▶ _Records provided_:
^^^^

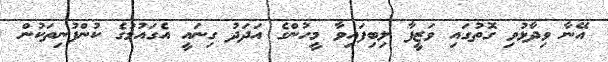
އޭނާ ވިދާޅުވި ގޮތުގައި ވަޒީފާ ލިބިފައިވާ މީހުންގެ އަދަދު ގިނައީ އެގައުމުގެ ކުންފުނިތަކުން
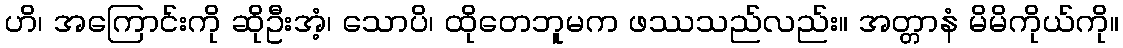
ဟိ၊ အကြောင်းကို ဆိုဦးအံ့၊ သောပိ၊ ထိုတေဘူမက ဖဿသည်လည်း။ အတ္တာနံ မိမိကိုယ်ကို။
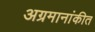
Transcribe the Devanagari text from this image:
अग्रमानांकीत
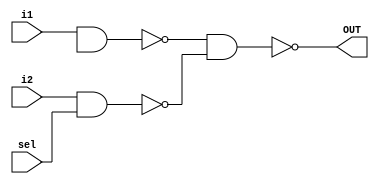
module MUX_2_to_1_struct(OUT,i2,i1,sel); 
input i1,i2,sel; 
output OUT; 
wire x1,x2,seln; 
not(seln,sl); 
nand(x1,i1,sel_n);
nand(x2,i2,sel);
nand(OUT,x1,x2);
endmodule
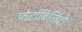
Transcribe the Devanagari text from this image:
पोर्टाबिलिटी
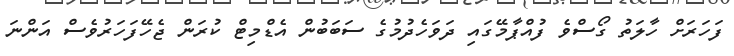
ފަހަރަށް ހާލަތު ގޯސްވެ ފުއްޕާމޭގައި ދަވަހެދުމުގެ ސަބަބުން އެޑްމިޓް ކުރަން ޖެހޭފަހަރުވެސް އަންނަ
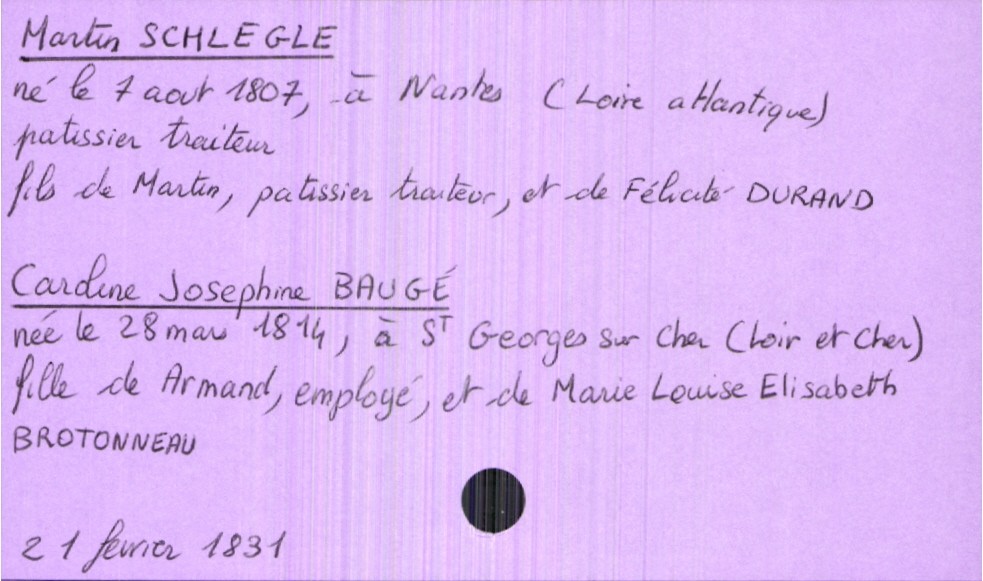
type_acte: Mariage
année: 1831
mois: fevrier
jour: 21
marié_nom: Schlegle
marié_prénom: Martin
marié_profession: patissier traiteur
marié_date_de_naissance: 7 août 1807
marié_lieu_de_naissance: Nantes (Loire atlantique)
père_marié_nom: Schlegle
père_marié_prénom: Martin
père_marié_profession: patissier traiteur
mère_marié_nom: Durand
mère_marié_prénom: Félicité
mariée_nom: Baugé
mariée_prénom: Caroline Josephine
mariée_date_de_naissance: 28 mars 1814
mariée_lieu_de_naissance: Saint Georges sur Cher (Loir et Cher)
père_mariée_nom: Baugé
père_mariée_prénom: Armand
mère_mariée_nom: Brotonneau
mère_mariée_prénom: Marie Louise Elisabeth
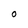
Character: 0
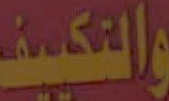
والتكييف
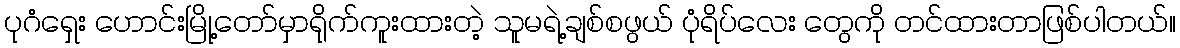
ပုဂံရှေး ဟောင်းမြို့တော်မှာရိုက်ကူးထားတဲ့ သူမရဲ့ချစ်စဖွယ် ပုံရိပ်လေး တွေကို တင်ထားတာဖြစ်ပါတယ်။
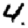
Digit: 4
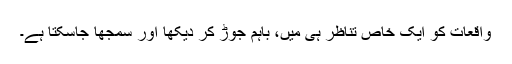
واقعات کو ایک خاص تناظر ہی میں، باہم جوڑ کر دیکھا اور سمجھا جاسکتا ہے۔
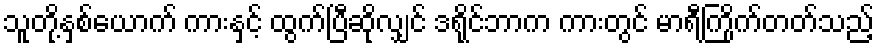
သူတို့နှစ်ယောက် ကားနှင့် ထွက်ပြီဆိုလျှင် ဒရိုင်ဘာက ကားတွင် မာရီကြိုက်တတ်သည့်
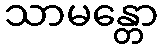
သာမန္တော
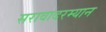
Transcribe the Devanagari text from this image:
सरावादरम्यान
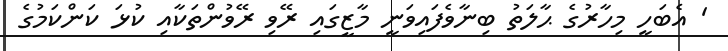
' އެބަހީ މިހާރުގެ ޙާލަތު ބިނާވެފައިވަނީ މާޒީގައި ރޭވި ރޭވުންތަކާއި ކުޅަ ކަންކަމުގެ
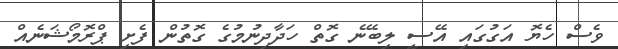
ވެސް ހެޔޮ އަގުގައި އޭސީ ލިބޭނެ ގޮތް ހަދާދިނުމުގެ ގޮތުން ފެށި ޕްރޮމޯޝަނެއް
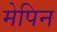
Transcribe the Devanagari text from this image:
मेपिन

^^^^

▶ _What is required_: Nothing but the lines from the top of the data above through the line containing "mère_mariée_nom: Brotonneau" should be output, exactly as written and without the pictures.

▶ _Solution to the problem_:
އޭނާ ވިދާޅުވި ގޮތުގައި ވަޒީފާ ލިބިފައިވާ މީހުންގެ އަދަދު ގިނައީ އެގައުމުގެ ކުންފުނިތަކުން
ဟိ၊ အကြောင်းကို ဆိုဦးအံ့၊ သောပိ၊ ထိုတေဘူမက ဖဿသည်လည်း။ အတ္တာနံ မိမိကိုယ်ကို။
Transcribe the Devanagari text from this image:
अग्रमानांकीत
module MUX_2_to_1_struct(OUT,i2,i1,sel); 
input i1,i2,sel; 
output OUT; 
wire x1,x2,seln; 
not(seln,sl); 
nand(x1,i1,sel_n);
nand(x2,i2,sel);
nand(OUT,x1,x2);
endmodule
Transcribe the Devanagari text from this image:
पोर्टाबिलिटी
ފަހަރަށް ހާލަތު ގޯސްވެ ފުއްޕާމޭގައި ދަވަހެދުމުގެ ސަބަބުން އެޑްމިޓް ކުރަން ޖެހޭފަހަރުވެސް އަންނަ
type_acte: Mariage
année: 1831
mois: fevrier
jour: 21
marié_nom: Schlegle
marié_prénom: Martin
marié_profession: patissier traiteur
marié_date_de_naissance: 7 août 1807
marié_lieu_de_naissance: Nantes (Loire atlantique)
père_marié_nom: Schlegle
père_marié_prénom: Martin
père_marié_profession: patissier traiteur
mère_marié_nom: Durand
mère_marié_prénom: Félicité
mariée_nom: Baugé
mariée_prénom: Caroline Josephine
mariée_date_de_naissance: 28 mars 1814
mariée_lieu_de_naissance: Saint Georges sur Cher (Loir et Cher)
père_mariée_nom: Baugé
père_mariée_prénom: Armand
mère_mariée_nom: Brotonneau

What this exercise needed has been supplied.